*** Opening PROVIDED INFORMATION ***
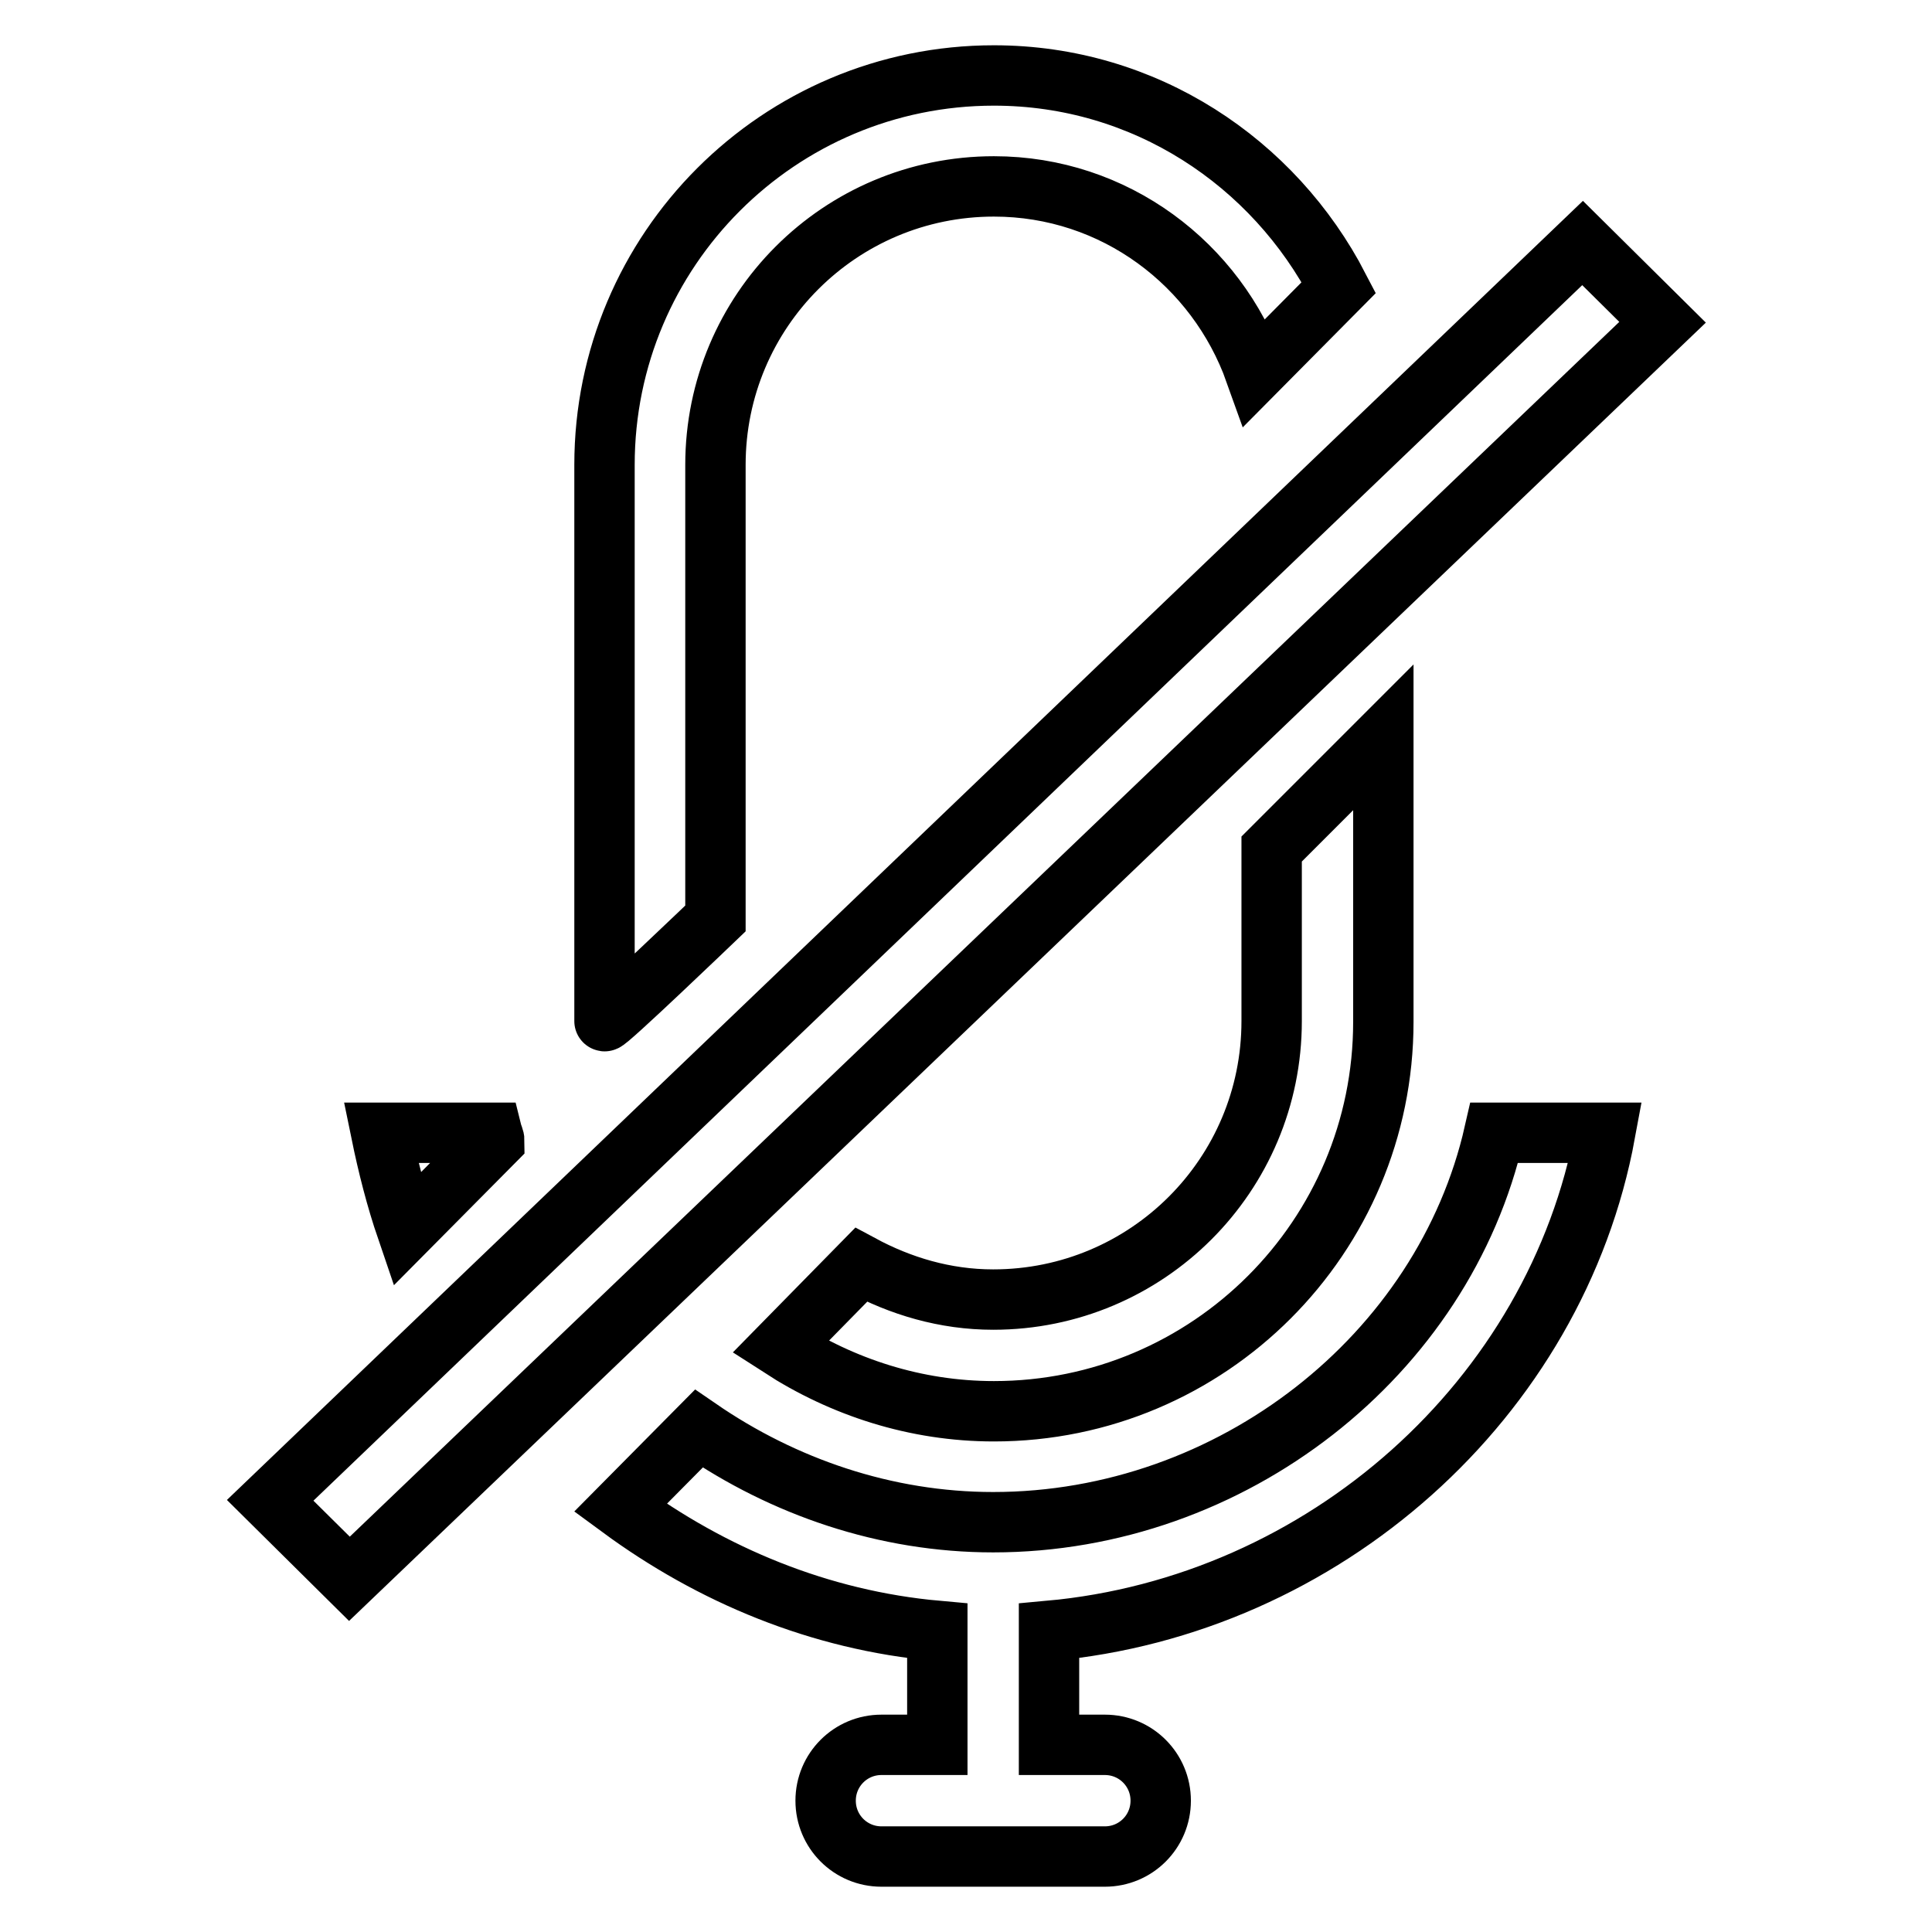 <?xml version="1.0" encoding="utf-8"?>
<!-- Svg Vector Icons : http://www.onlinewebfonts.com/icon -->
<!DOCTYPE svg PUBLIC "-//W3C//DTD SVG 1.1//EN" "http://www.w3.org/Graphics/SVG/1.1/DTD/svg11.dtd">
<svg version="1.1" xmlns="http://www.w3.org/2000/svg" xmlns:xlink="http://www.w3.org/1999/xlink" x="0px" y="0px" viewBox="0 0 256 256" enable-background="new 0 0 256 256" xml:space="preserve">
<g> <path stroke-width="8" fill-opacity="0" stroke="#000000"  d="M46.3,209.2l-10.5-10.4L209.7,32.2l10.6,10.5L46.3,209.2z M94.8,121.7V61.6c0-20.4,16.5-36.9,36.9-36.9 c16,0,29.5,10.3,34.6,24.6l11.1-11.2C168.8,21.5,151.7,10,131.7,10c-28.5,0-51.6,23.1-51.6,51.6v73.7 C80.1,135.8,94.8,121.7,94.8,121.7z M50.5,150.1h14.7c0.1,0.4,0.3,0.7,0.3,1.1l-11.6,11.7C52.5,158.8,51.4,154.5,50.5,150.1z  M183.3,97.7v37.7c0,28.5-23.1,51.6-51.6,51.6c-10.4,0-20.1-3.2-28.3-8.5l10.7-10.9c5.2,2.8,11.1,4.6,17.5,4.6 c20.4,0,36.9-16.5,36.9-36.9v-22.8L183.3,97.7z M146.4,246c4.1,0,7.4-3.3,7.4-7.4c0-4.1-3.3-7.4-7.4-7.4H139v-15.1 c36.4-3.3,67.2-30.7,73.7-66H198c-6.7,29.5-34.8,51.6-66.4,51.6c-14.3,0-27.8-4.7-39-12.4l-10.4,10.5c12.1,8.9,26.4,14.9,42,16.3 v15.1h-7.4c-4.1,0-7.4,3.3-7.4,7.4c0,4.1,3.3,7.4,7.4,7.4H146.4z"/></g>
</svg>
*** Closing PROVIDED INFORMATION ***
• [ASSIGNMENT]: For the material above, the answer must be only the number of lines holding the word "http".

• [RESULT]: 3